Today she was wearing jeans, but they were designer jeans, and her blouse came from a boutique, not from Macy’s. Her sneakers were sleek and cool and olive green, with rust-colored laces; and her sunglasses were small and oval and glittery. She was slender with good cheekbones; she was put together, and she knew it. She could see the weight of it in Briar’s face—the weight of being arm in arm with a rich popular kid.
SHE GOT BRIAR talking about stage names, and then about clothes, and then about Randy—Briar didn’t want to talk about Randy—and then the other girl, slowing, but not disentangling her arm from Letty’s, asked, “Do you know what I do?”
Letty gave her another TV grin, one she’d practiced two thousand times. “Yup.”
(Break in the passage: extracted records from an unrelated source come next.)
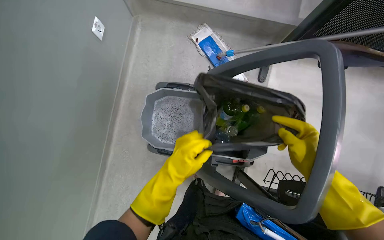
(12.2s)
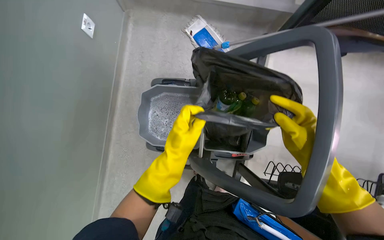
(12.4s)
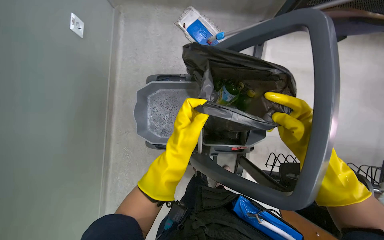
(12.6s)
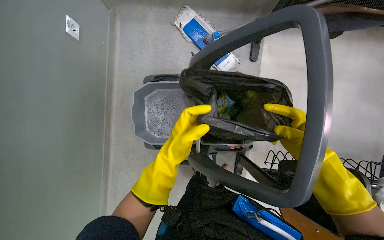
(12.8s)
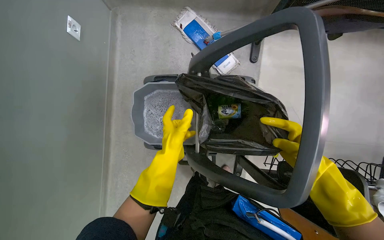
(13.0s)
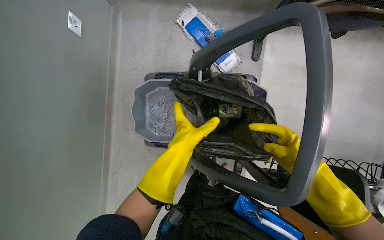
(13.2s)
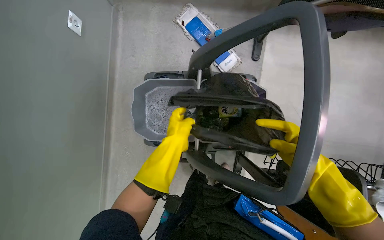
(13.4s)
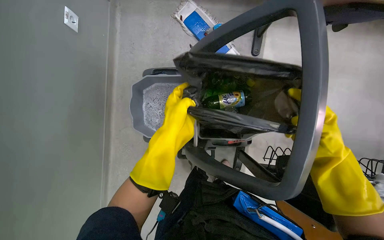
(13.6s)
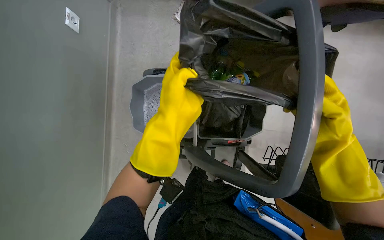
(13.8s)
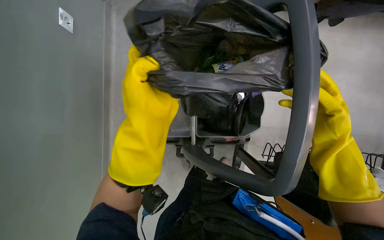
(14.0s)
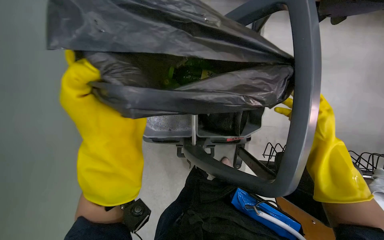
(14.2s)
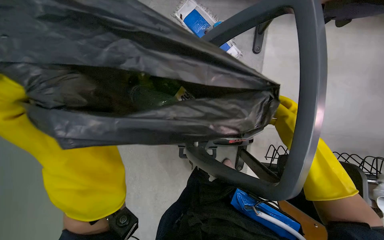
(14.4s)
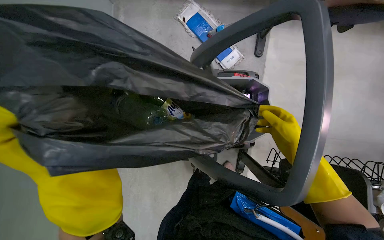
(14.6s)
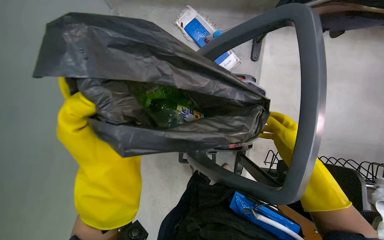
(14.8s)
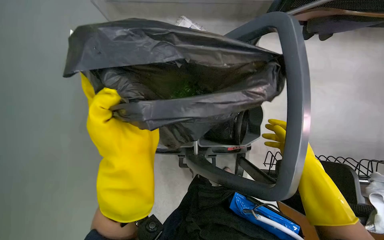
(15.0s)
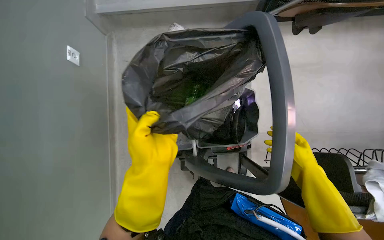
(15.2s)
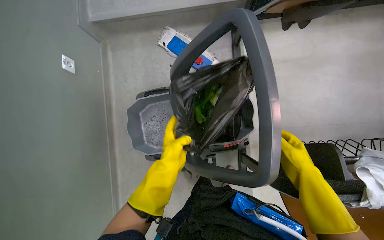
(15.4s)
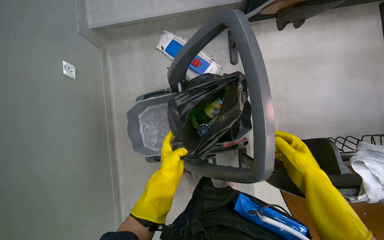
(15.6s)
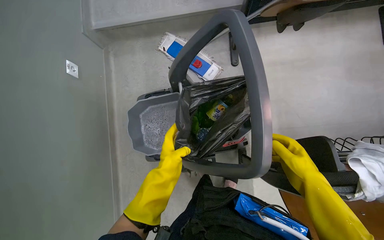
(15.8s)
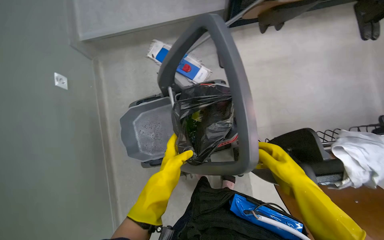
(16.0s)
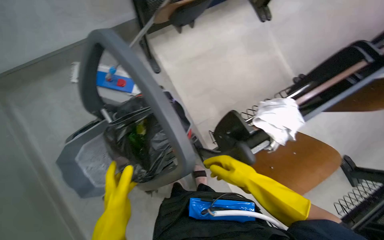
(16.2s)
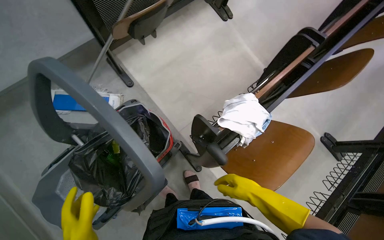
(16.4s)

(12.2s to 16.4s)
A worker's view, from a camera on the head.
Job: managing trash.
The whole recording: Collecting trash into cart. The worker collects various trash items from desks and places them into the cart.
12.2s - 13.6s: The left hand shifts roughly 10 cm up the picture, while the right hand heads to the right, covering about 10 cm.
13.6s - 15.0s: The left hand moves nearer to the camera, roughly 10 cm, and travels to the left and back again, roughly 20 cm each way.
15.0s - 16.4s: The wearer looks approximately 50 degrees further to the right.

Now Briar disentangled herself and slowed. “Is that why you want to put me on TV?”
“Nope. I’m not going to put you on TV, because that would really mess you up,” Letty said. “I just want to prove to you that I am on TV.”
“Why?”
Letty went serious: “Because I’m worried about you. How old are you?”
“Sixteen. Almost seventeen.”
Letty was surprised. Briar looked at least a couple of years older. “How long have you been doing this?”
“Four months.”
“Ah, jeez.” Letty let the sympathy out. “I’m so worried about you. I’m so worried about what Randy is up to. You know, if he hurt me . . . my father would kill him, maybe. And he’d find out. Randy is dumb, dumb, dumb.”
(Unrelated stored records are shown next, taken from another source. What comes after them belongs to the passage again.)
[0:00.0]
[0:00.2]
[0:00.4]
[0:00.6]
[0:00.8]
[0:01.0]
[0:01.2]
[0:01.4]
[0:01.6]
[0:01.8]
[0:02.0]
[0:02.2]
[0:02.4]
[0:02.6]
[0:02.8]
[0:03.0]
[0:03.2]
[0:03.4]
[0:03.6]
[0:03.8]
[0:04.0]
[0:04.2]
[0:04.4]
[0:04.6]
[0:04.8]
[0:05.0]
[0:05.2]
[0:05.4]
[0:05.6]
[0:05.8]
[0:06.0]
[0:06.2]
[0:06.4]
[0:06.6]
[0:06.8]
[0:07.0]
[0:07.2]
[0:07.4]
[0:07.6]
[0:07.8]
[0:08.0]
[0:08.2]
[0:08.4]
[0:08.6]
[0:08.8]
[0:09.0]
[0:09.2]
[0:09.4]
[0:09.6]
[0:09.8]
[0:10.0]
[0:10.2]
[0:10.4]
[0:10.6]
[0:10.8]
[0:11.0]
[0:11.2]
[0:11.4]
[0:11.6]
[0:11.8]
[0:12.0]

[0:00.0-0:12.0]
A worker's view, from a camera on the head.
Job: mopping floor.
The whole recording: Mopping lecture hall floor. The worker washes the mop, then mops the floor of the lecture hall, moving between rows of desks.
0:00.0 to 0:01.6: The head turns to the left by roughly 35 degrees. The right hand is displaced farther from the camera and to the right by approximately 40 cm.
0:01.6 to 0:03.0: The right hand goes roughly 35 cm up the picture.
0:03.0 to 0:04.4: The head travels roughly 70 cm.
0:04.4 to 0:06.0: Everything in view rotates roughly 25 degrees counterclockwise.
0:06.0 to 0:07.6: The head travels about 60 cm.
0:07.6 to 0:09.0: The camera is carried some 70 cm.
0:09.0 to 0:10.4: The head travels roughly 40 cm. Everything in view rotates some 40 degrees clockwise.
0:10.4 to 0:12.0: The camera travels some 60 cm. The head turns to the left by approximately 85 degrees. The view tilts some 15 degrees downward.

“He’s not that dumb,” Briar said.
Letty shook her finger in Briar’s face. “Yes, he is. If he was a smart guy, you think he’d be living in a shack? You think he’d have gone to jail four or five different times, and he’s not hardly thirty yet?”
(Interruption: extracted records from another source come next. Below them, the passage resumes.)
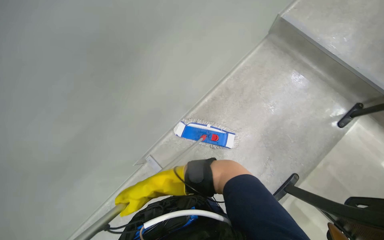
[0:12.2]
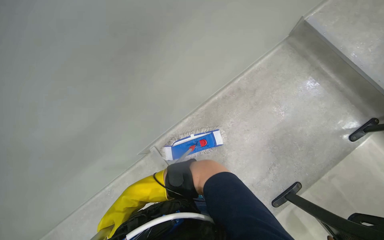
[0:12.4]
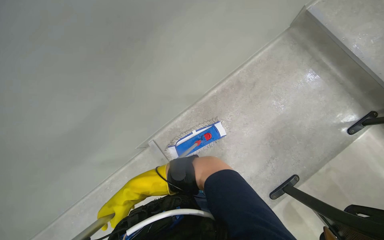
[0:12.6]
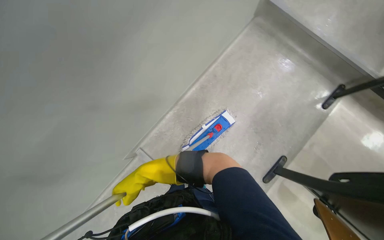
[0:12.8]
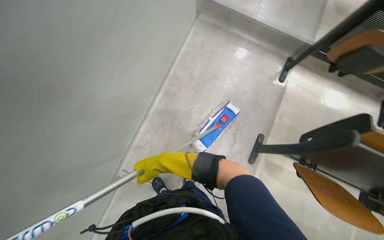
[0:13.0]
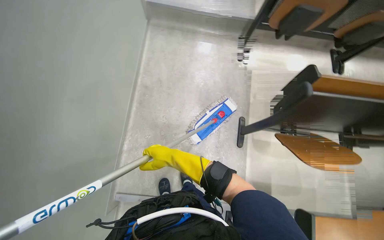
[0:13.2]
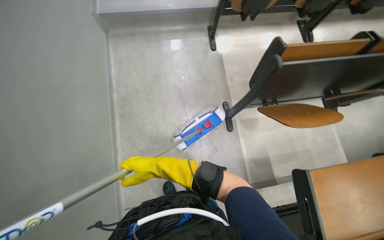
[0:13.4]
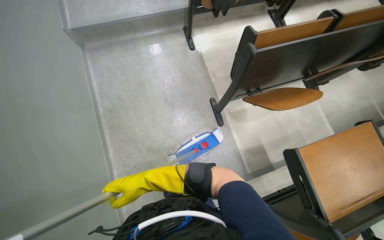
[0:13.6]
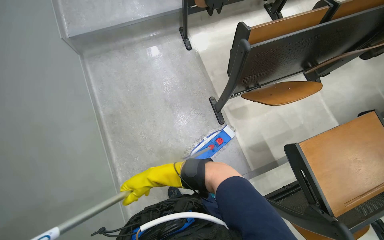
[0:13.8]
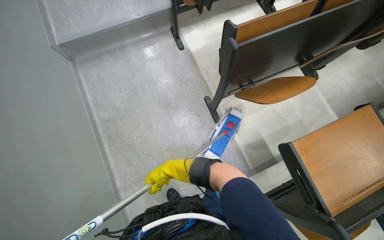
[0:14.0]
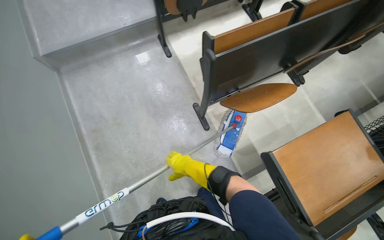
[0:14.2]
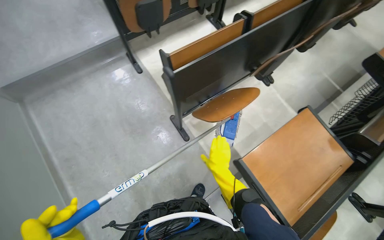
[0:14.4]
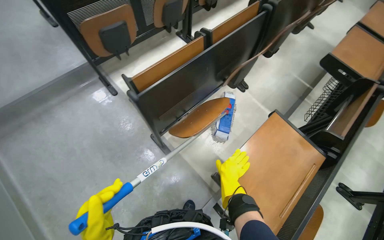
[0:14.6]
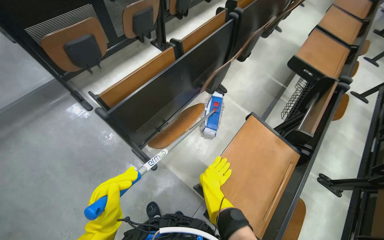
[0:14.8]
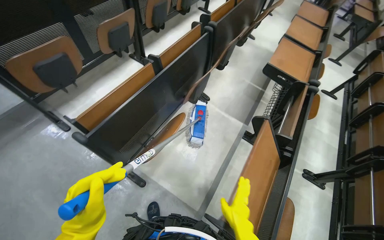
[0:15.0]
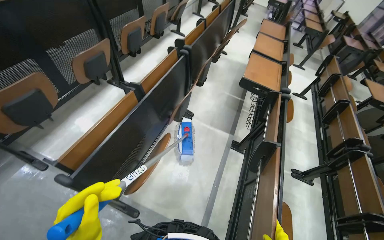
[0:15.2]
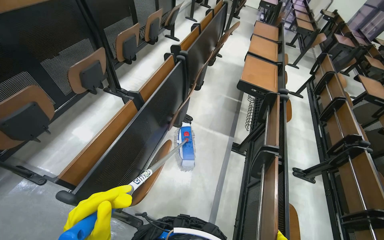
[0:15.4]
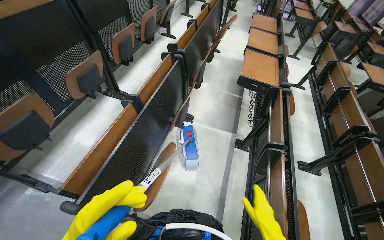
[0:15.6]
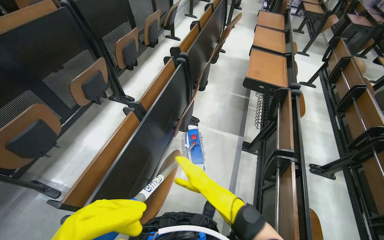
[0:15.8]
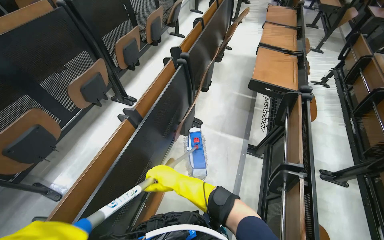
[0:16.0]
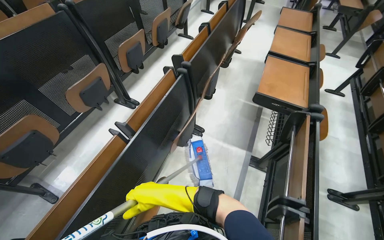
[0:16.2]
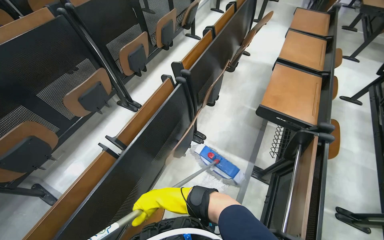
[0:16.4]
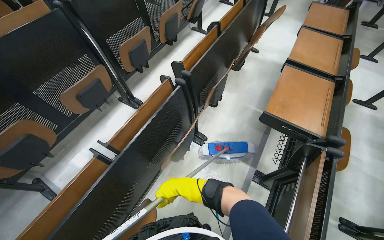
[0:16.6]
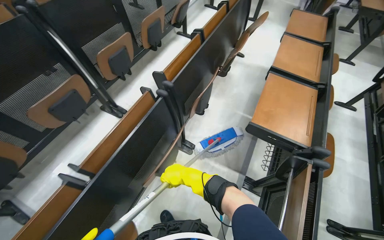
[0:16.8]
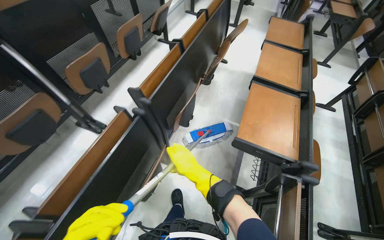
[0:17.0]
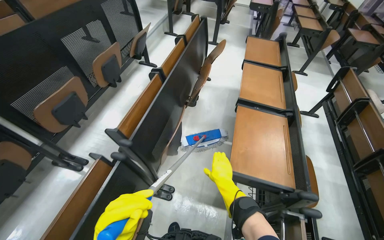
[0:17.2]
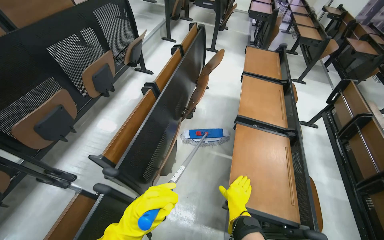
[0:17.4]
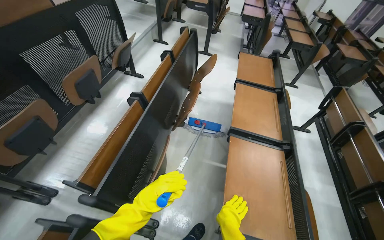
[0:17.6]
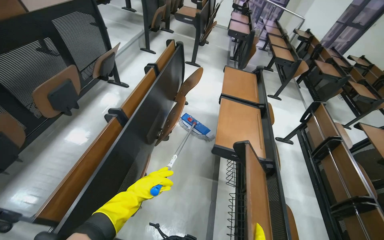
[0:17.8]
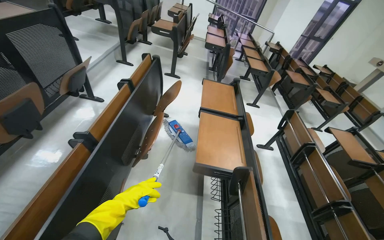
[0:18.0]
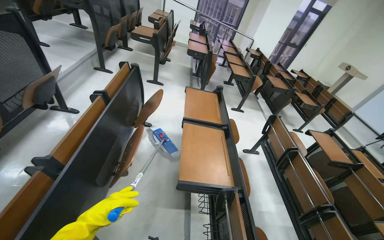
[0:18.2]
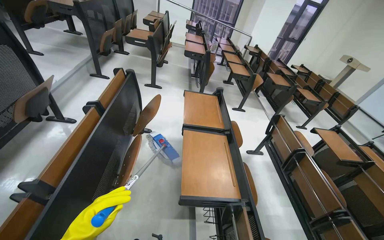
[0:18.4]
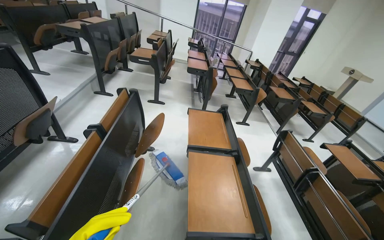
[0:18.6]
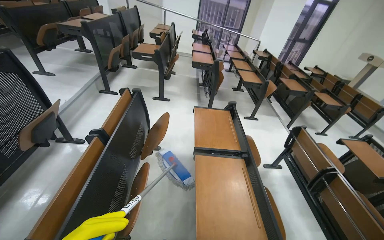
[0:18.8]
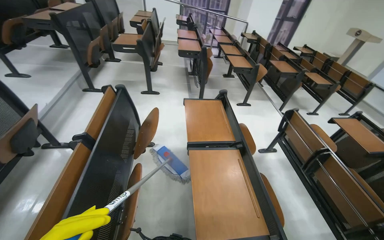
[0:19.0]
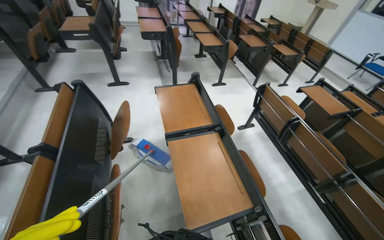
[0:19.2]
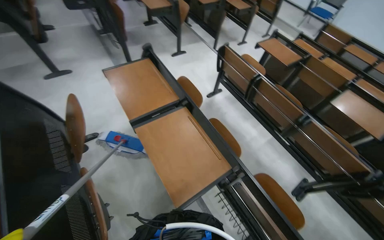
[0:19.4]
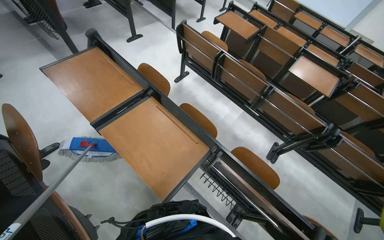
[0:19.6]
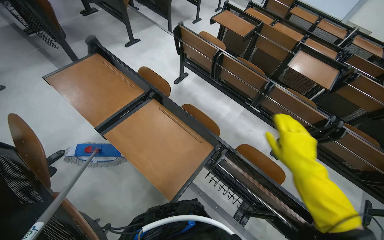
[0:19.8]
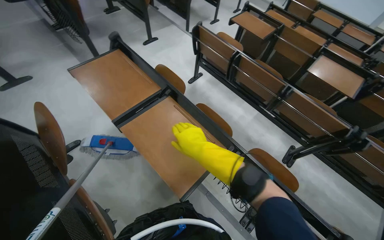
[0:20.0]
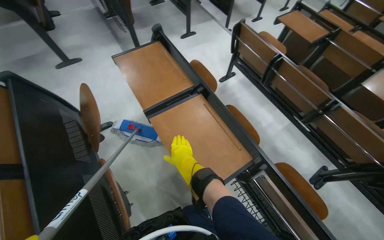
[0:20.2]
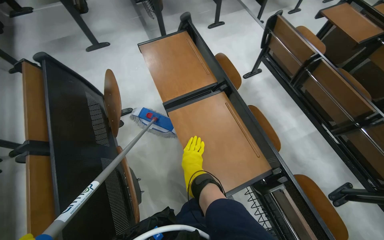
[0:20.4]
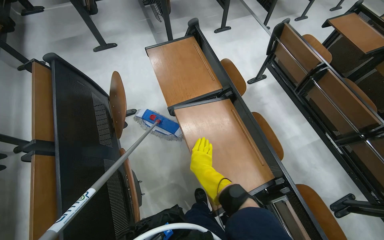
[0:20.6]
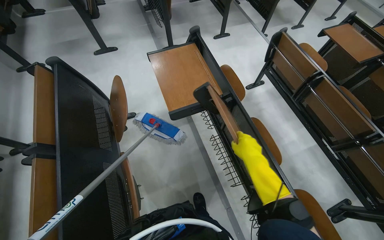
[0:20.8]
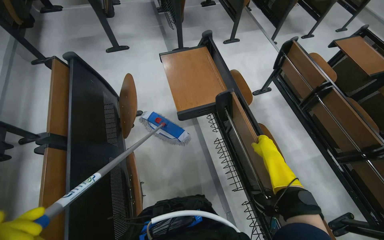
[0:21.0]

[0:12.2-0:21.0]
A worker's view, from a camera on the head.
Job: mopping floor.
The whole recording: Mopping lecture hall floor. The worker washes the mop, then mops the floor of the lecture hall, moving between rows of desks.
0:13.6 to 0:15.2: The head travels about 50 cm. The head turns to the right by some 50 degrees. The view tilts roughly 15 degrees upward.
0:15.2 to 0:16.6: The camera travels some 60 cm.
0:16.6 to 0:18.0: The wearer moves roughly 70 cm. The wearer looks some 30 degrees further to the right. The view tilts approximately 10 degrees upward.
0:18.0 to 0:19.6: The wearer moves some 50 cm. The wearer looks some 55 degrees further to the right. The wearer looks roughly 25 degrees further downward.
0:19.6 to 0:21.0: The wearer looks roughly 30 degrees further to the left.

“He’s twenty-four,” Briar said.
Letty’s eyebrows went up. “Juliet—he’s not twenty-four. Look at his ID sometime, when he’s not around. He’s almost thirty. He lies about everything.”
Briar glanced back up the hill, afraid again. She looked like a denizen of 1984, caught talking about Big Brother. “He doesn’t always lie . . .”
Letty said, seriously, “Yes, he does. He always lies. That’s what he does for a living. He lies.”
Briar looked down at the sidewalk: “Okay.”
Letty studied her for a moment, then said, “Look, here comes the van.”
“I really can’t ride around,” Juliet said, but there was a hint of curiosity in her eyes.
“You have to work?” Letty asked.
She looked away: “Yeah.”
“How much do you get?”
“Hundred.”
“A hundred? Always?”
“Not always, but that’s what Randy wants. Sometimes, if I don’t . . .”
“I saw the stick,” Letty said. “I was in your house.”
“What?”
“I saw the stick,” Letty repeated. The van pulled up, and Lois ran the window down. “What’s up?” she asked, checking out Briar.
“We’d like to ride around for a few minutes, so I can show Juliet some of the equipment,” Letty said. “And I need to borrow some money.”
10
LUCAS HAD ONE IDEA, CALLED JONES, the Minneapolis cop, and said, “I need to talk to the victims again. Soon as you can get them together. I hope none of them have checked out.”
“They’re still here. What’s up?” Lucas told him about the murder of Charles Dee, and outlined the idea, and Jones said, “That could be something. Wilson’s still in the hospital. We can meet there. As far as running around to these hotels—I got nothin’.”
“That’s ’cause they were in Hudson. How soon can we get these people together?”
“Soon as you can get here, I guess. That thing about Dee, man—I heard somebody was down, but nobody knew what happened. You sure it’s our guys?”
“Ninety-five percent,” Lucas said. “Like everything else, though, I couldn’t prove it.”
“Fucker’s probably walking through Miami International right now, on his way to Brazil.”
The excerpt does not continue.